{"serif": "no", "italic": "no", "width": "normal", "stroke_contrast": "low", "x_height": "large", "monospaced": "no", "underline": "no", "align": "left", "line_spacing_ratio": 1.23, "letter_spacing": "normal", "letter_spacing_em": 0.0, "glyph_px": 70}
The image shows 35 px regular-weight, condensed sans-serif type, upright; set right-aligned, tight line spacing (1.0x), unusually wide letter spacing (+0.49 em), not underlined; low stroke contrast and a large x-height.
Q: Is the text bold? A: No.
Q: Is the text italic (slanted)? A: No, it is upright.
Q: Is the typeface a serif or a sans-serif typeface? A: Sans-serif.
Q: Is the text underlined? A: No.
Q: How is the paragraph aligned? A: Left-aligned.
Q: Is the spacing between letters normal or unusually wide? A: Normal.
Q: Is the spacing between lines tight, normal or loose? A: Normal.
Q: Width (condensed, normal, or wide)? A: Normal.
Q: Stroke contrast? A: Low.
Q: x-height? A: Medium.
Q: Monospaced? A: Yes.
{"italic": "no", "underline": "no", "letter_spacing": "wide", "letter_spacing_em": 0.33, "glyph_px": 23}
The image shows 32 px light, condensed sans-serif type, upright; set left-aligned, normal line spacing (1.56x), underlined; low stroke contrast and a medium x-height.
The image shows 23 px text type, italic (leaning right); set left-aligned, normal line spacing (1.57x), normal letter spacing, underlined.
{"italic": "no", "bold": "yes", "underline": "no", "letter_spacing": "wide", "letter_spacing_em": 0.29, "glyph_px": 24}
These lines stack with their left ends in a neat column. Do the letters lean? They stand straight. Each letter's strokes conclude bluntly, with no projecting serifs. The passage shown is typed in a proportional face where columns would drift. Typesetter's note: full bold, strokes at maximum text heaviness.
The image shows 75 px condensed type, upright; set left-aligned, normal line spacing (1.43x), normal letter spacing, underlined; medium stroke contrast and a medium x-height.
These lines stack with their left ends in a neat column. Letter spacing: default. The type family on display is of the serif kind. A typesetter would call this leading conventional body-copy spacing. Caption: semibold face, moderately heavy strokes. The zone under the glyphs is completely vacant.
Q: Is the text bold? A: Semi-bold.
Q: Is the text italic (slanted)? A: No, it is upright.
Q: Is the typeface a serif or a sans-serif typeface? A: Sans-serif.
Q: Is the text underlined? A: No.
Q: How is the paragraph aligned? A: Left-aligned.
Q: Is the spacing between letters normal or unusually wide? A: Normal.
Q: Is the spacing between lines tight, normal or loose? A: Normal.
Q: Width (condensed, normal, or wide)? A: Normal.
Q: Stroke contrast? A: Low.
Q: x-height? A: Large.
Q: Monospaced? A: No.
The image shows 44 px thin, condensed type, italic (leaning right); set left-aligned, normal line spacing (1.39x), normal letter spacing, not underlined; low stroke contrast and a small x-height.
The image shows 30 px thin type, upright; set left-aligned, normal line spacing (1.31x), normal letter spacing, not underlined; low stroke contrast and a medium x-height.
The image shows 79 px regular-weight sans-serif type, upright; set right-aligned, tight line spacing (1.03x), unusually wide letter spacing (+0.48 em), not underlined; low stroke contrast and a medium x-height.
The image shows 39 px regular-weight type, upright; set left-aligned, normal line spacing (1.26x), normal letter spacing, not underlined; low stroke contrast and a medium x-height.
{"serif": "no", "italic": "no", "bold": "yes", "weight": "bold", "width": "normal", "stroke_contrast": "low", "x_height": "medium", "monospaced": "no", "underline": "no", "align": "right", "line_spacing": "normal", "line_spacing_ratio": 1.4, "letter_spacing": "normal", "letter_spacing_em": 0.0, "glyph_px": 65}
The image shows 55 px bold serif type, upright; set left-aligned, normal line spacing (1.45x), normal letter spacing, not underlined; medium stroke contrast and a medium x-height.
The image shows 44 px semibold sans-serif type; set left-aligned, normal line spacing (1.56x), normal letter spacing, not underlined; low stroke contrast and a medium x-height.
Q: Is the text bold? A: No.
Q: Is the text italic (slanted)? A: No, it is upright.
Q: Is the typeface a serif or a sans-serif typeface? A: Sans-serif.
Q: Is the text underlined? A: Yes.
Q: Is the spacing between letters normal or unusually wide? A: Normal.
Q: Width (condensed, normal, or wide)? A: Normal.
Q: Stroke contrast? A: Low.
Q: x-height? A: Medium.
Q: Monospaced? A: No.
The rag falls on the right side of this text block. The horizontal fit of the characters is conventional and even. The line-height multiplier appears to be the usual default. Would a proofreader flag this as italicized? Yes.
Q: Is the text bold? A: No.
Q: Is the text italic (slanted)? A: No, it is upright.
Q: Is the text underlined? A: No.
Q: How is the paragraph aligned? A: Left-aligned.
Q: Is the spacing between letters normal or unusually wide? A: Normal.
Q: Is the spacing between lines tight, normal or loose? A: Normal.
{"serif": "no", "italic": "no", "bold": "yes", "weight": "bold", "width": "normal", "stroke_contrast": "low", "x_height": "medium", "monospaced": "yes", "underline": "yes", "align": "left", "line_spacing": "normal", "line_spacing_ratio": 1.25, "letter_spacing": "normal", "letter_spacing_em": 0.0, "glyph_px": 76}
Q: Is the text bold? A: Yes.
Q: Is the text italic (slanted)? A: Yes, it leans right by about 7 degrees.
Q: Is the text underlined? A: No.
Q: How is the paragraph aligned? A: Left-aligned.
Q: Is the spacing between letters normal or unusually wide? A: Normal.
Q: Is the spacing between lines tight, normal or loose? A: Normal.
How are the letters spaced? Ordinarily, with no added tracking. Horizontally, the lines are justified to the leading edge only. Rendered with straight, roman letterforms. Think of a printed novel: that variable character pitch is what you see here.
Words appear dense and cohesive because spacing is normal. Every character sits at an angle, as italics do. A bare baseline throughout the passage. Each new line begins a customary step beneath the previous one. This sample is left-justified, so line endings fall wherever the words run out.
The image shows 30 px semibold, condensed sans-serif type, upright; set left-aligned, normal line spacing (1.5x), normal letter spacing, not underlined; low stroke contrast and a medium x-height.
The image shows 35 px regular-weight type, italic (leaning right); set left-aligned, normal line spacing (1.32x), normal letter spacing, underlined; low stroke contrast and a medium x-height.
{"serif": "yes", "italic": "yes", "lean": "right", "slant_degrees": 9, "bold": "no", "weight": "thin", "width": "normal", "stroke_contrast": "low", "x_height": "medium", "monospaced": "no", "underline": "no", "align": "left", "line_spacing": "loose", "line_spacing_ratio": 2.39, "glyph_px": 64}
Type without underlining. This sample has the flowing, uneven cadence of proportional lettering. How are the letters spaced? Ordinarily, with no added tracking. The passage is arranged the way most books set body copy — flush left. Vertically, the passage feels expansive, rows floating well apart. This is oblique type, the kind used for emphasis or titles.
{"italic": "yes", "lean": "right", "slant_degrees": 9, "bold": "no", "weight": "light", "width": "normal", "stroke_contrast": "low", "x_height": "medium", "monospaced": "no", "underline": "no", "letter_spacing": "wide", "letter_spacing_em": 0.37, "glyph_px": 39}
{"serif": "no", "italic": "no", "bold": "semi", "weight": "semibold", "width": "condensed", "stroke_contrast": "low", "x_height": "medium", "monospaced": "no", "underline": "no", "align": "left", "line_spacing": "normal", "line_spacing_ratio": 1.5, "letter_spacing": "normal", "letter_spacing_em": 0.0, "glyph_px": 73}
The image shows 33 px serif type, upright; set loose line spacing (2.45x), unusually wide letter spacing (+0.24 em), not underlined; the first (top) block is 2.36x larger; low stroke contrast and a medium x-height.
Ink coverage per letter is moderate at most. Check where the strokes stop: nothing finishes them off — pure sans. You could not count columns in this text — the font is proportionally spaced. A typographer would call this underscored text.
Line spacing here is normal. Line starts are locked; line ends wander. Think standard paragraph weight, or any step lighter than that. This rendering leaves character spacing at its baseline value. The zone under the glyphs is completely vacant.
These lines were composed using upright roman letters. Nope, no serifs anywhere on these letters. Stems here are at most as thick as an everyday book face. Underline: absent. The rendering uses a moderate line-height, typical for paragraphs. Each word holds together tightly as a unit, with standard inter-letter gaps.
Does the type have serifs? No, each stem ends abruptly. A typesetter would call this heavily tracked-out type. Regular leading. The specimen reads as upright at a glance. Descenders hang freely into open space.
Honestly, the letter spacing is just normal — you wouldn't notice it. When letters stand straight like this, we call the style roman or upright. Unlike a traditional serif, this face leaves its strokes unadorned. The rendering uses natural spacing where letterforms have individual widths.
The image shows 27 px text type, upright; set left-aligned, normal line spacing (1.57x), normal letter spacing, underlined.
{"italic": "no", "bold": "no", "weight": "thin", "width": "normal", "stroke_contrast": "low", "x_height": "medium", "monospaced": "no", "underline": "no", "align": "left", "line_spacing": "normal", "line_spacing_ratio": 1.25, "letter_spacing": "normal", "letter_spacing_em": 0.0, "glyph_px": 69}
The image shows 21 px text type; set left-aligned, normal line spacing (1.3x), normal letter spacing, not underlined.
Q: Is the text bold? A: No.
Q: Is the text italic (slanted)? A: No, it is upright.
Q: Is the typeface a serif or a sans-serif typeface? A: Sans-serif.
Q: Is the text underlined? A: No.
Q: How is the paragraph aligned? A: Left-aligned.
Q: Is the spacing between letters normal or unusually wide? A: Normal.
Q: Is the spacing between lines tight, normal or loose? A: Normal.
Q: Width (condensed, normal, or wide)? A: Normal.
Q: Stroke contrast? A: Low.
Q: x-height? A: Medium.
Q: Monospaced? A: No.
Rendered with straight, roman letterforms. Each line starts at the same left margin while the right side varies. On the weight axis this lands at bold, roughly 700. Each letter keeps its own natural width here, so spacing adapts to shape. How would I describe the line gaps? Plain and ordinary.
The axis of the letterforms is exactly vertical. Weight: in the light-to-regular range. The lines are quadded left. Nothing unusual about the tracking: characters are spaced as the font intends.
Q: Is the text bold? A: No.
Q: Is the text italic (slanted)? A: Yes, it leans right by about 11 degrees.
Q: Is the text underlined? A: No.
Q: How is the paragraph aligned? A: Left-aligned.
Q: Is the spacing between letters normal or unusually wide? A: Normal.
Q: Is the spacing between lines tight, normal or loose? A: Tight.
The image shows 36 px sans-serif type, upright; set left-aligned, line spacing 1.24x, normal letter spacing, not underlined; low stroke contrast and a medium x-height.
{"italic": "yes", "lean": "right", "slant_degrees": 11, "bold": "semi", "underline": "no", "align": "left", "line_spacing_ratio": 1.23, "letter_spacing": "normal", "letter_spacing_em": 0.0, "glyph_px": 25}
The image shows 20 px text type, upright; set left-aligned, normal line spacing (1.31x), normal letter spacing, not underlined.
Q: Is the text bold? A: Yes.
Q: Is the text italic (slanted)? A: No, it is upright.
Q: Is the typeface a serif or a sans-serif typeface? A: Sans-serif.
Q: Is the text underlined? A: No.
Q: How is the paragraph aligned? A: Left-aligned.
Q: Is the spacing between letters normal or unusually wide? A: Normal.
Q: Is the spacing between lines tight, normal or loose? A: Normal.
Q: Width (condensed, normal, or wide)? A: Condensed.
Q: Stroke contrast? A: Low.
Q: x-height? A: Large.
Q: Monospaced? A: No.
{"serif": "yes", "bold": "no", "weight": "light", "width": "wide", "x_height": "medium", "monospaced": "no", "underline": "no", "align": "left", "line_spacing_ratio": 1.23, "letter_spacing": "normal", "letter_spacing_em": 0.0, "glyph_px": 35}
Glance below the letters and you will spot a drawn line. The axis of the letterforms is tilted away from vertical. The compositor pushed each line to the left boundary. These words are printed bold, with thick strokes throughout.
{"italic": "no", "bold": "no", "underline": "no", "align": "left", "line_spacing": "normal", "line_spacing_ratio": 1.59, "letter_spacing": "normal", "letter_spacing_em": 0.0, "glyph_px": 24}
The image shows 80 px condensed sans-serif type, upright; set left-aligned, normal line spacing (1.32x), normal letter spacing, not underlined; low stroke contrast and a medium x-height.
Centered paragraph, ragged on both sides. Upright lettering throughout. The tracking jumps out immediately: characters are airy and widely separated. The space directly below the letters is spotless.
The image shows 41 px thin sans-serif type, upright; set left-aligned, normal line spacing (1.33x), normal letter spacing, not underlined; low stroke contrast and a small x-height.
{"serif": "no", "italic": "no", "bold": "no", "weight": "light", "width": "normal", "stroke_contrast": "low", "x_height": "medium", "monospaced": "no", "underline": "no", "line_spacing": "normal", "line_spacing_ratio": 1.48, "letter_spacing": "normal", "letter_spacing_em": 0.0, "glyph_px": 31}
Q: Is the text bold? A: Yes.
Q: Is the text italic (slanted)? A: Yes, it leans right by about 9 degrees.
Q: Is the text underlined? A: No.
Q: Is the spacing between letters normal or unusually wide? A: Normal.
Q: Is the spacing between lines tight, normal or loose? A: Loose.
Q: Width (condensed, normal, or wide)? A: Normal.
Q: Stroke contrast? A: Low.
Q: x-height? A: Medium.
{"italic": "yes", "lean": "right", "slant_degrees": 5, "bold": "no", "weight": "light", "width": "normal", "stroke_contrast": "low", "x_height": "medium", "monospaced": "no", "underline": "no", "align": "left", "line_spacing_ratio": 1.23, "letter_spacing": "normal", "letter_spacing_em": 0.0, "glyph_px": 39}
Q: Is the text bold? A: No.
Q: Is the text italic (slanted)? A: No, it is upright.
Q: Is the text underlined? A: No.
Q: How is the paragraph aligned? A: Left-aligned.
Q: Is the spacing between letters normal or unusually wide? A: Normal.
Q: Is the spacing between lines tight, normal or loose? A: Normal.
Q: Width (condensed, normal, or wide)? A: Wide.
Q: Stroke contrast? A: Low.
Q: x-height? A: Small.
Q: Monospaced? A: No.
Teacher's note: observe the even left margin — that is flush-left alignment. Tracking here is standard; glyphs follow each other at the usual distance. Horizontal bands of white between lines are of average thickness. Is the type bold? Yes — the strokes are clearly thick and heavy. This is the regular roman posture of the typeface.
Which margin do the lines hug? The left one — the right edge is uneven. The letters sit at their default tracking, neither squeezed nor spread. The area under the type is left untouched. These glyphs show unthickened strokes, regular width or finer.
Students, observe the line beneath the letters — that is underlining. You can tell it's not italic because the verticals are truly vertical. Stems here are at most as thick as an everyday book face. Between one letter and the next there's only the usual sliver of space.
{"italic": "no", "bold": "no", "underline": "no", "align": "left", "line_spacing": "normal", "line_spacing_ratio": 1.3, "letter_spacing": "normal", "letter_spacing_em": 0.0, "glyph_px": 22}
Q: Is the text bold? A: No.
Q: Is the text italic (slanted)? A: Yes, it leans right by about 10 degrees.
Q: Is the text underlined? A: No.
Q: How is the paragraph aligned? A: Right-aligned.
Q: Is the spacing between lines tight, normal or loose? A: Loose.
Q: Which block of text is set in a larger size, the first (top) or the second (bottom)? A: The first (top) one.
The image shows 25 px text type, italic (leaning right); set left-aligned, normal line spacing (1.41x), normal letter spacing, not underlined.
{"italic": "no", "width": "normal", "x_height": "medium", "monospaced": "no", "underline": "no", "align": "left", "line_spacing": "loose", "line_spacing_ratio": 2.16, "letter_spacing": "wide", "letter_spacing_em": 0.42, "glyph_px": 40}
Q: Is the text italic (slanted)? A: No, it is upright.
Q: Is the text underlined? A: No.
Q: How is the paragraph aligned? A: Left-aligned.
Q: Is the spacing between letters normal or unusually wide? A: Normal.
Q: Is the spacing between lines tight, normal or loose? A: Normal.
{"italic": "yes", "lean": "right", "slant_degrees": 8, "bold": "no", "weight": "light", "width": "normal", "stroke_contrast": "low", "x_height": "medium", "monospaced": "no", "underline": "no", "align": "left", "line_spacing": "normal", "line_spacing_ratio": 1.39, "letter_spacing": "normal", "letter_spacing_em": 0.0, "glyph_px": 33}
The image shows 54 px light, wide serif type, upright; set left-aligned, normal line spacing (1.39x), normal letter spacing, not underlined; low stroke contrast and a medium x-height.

-.-.-

* [About this exercise] In the records above, find the lines holding "natural". Copy each one.

* [Expected output]
Honestly, the letter spacing is just normal — you wouldn't notice it. When letters stand straight like this, we call the style roman or upright. Unlike a traditional serif, this face leaves its strokes unadorned. The rendering uses natural spacing where letterforms have individual widths.
Rendered with straight, roman letterforms. Each line starts at the same left margin while the right side varies. On the weight axis this lands at bold, roughly 700. Each letter keeps its own natural width here, so spacing adapts to shape. How would I describe the line gaps? Plain and ordinary.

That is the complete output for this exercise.